Applied AI: Shaping the Future of Personalized Health
The explosion of clinical, genomic and imaging data, combined with breakthroughs in machine learning, is creating new opportunities to personalize health care and improve the patient experience.
Personalized medicine is an approach to patient care in which physicians make treatment decisions based on the synthesis of genetic information and risk factors specific to a patient. Data analytics and artificial intelligence (AI) are important components of personalized medicine because they can support physicians to tailor treatments based on evidence.
Recently, during a roundtable sponsored by GE Healthcare at the American Hospital Association's Executive Forum in Chicago, leaders from four prominent hospital systems gathered to share their initial forays into AI for personalized medicine and perspectives on the technology’s potential to improve health care. They discussed the implications of AI on today’s care delivery system and how it could benefit, disrupt and challenge the physician-patient relationship.
The term AI has become a buzzword that is often overhyped. But in ways large and small, it is quickly gaining acceptance in health care. AI is a computer’s ability to mimic such human characteristics as learning, problem-solving and acquiring knowledge. As health care organizations take advantage of rapid advancements in AI and access to many different types of data, cloud technologies and automation, they could transform health care delivery in the near future.
The opportunity: Six areas in which AI could rapidly transform health care
Hospital executives at the forum identified at least six areas of opportunity for AI to transform processes and interventions. They are:
- Inpatient care quality to reduce readmissions and “never-events” such as falls.
- Patient triage and care pathway support.
- Outpatient monitoring and support.
- Click-based data entry tasks associated with the electronic health record (EHR).
- Revenue-cycle and supply-chain management.
Carilion Clinic, an eight-hospital system based in Roanoke, Va., is already using a predictive analytics algorithm to more accurately identify patients at high risk for readmission within 30 days of discharge and those at high risk for inpatient falls. Steve Morgan, M.D., senior vice president and chief medical information officer at Carilion Clinic, said metrics for both readmissions and falls have improved with the implementation of these tools.

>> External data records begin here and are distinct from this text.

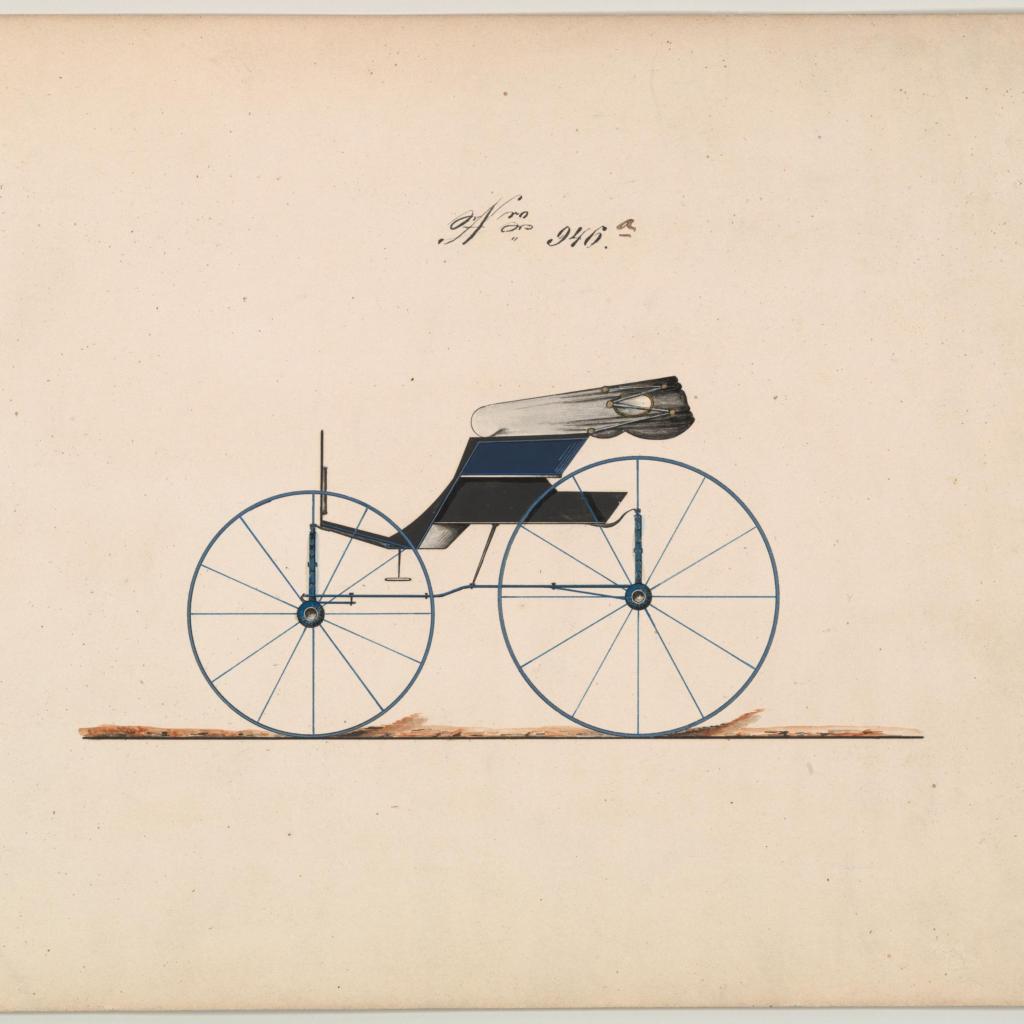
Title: Design for Wagon, no. 946a
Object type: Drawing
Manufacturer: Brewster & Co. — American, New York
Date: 1850–70
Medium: Pen and black ink, watercolor and gouache with gum arabic and metallic ink
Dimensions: sheet: 6 15/16 x 9 15/16 in. (17.6 x 25.2 cm)
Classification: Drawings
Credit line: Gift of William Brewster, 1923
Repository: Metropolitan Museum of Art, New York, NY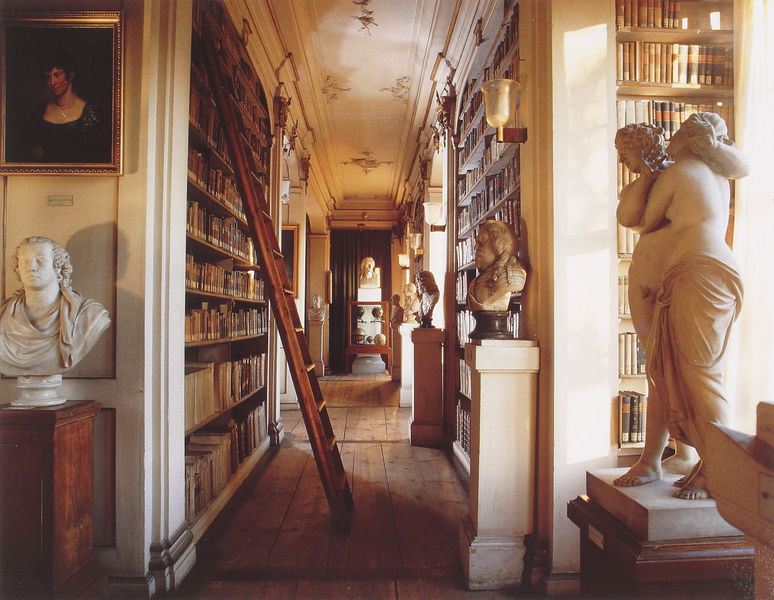
Titel: Herzogin Anna Amalia Bibliothek in Weimar
Standort: Weimar, Herzogin- Anna- Amalia- Bibliothek (EU - D - Thüringen)
Schlagwörter: nackt, frauen, holz, lampe, lampen, licht, marmor, männer, tuch, regal, sockel, stein, bild, innenraum, boden, decke, paar, skulptur, statue, bilder, bücher, umarmung, parkett, dielen, leiter, diele, büste, stuck, foto, gang, buch, flur, skulpturen, plastiken, statuen, bibliothek, bücherei, regale, büsten, globus, protrait, globen, bibleothek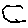
Label: hexagon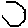
Label: hexagon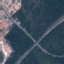
Land use / land cover: Highway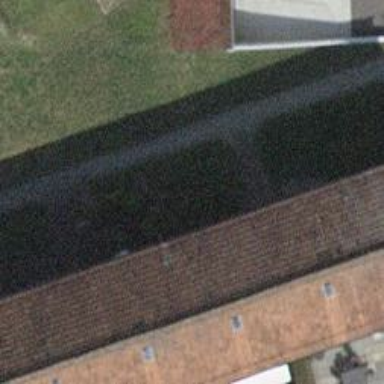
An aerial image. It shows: Simple house.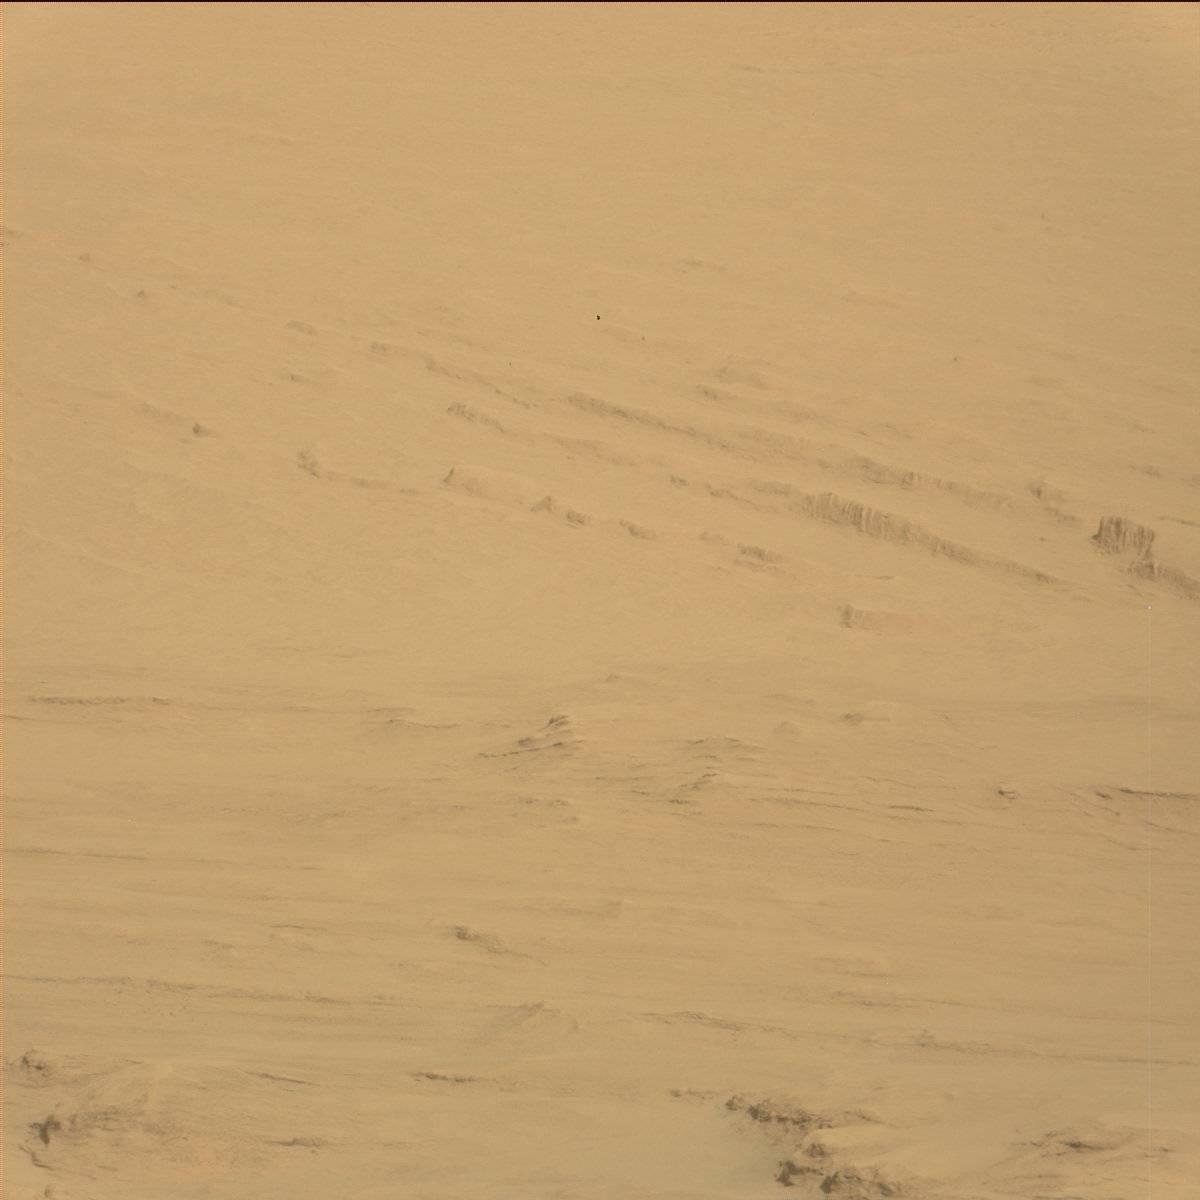
Terrain classes present: Ridge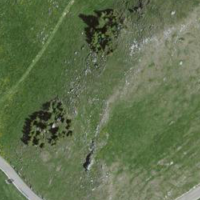
EUNIS habitat code: 23
Species observed at this site:
Androsace lactea
Sorbus aucuparia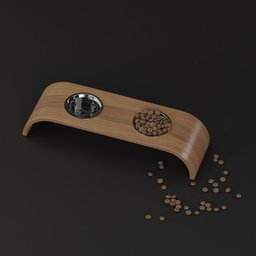
Label: tools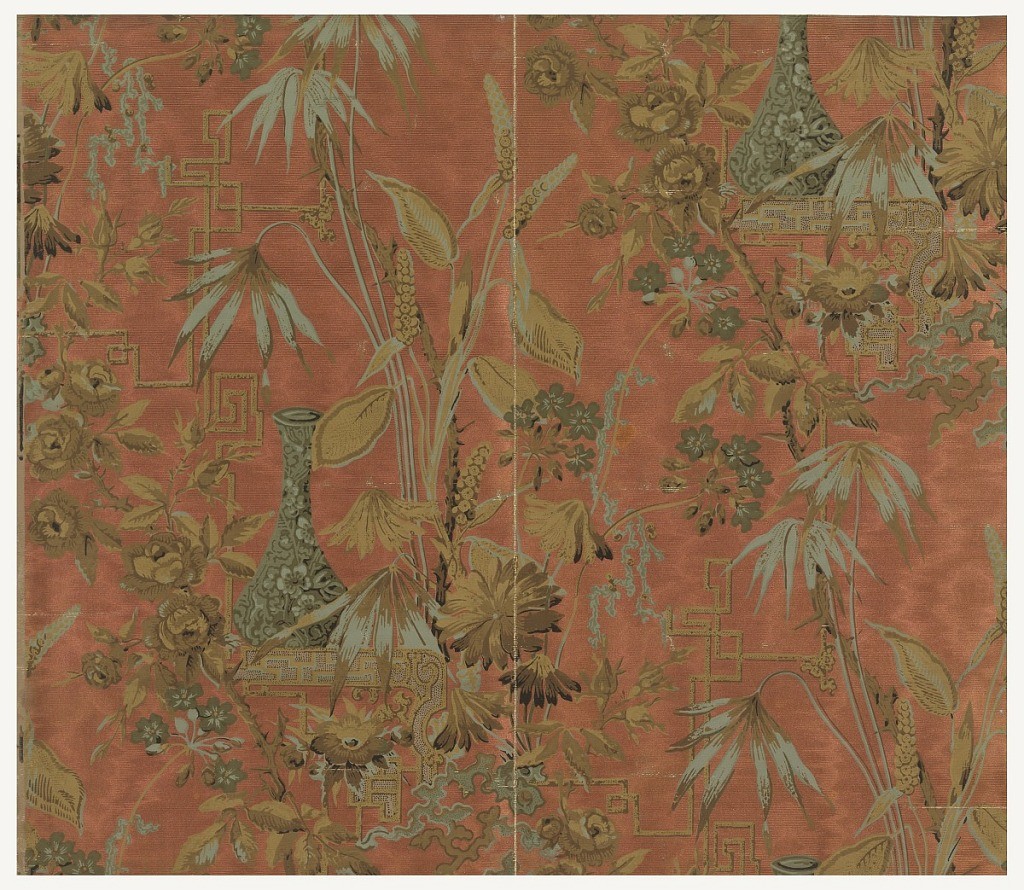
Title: Sidewall
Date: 1880–1890
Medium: Block printed on ribbed paper
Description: Complete width. Vertical rectangle with design in Anglo-Japanesque-style, of roses and other plants, vases and strapwork. Printed in greens, olives and greenish-brown on a metallic copper ground with ribbed texture imitating moire.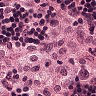
Metastatic tissue present: no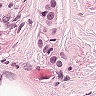
Metastatic tissue present: yes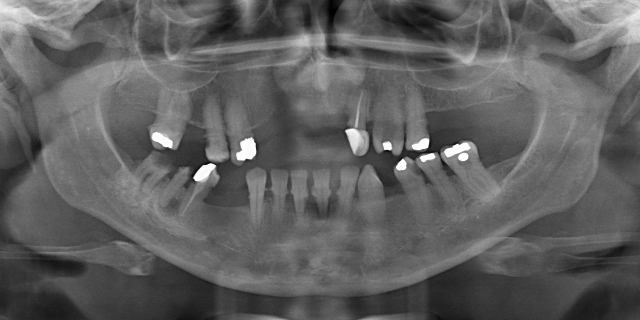
adult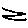
Label: zigzag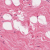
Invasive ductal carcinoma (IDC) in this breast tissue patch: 0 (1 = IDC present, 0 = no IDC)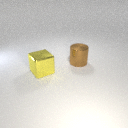
large brown metal cylinder behind large yellow metal cube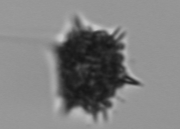
Label: Dictyocha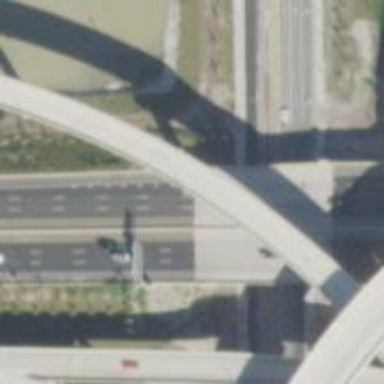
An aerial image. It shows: Bridge at interchange on motorway link.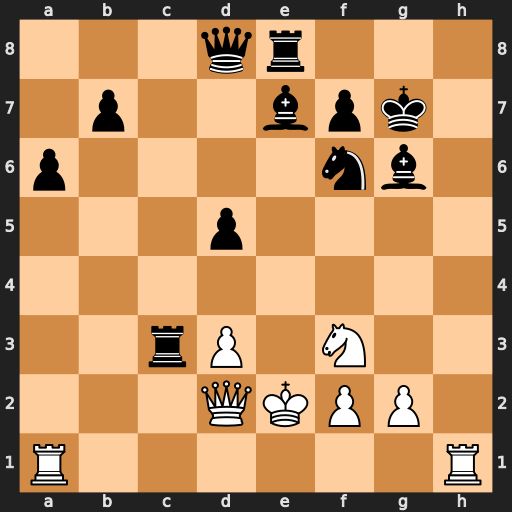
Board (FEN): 3qr3/1p2bpk1/p4nb1/3p4/8/2rP1N2/3QKPP1/R6R
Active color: w
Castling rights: -
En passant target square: -
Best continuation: Qh6+ Kg8 Qh8#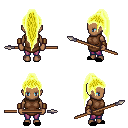
a pixel art fantasy rpg character, female body template, human, dark skin, brown tunic, magenta pants, gold extra-long topknot hairstyle, leather bracers, black slippers, spear, four views (front, back, left, right), 2x2 character sprite sheet, small pixel art, hard edges, no anti-aliasing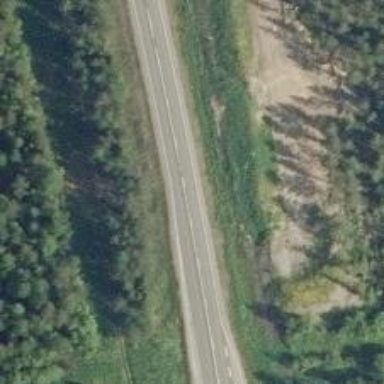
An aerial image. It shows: Asphalt trunk highway.
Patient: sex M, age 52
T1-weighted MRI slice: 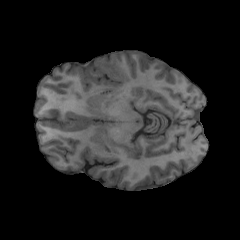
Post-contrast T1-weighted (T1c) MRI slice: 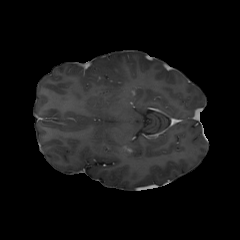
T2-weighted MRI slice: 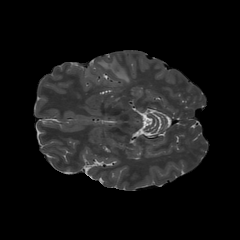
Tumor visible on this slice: yes
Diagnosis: Glioblastoma, IDH-wildtype
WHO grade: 4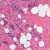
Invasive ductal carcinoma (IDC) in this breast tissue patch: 0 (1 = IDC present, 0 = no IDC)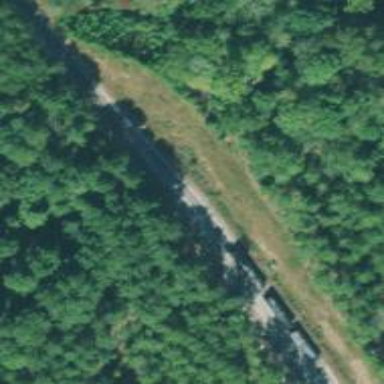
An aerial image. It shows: Railway spur service.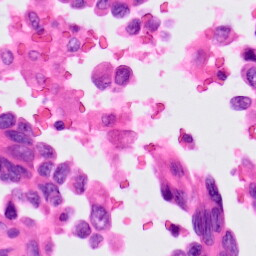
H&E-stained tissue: Lung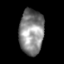
Tissue: skin
Cell type: Others
Senescence score: 0.7837
Nuclear area (px): 1075
Mean DAPI intensity: 137.042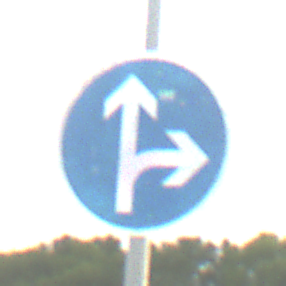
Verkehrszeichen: VorgeschriebeneFahrtrichtungGeradeausOderRechts
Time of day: SunriseSunset
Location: Outdoor (RoadRail)
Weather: PartlyCloudy
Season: NotSpecified
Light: Natural

Atlantic Health System, a nonprofit system based in Morristown, N.J., created a Center for Business Intelligence that brings all claims into a central database to study ways to leverage AI to improve patient care and efficiencies. Atlantic Health is in discussions with Amazon to explore how Amazon’s cloud technology could help support AI applications, said Tom Kloos, M.D., vice president of Atlantic Health System.
Kloos is also president of Atlantic Health System’s accountable care organizations (ACOs). The system has about 400,000 beneficiaries in three ACOs, with 2,700 participating physicians at multiple locations. Since 2012, when the system formed its first ACO, it has used data analytics to maximize the information collected through ACO participation, he said. With Medicare claims data from participation in the Medicare Shared Savings Program, Atlantic Health would like to hone in on the best way to integrate inpatient and outpatient services to improve patient retention, the care experience and outcomes, and AI could be useful in this respect, Kloos said.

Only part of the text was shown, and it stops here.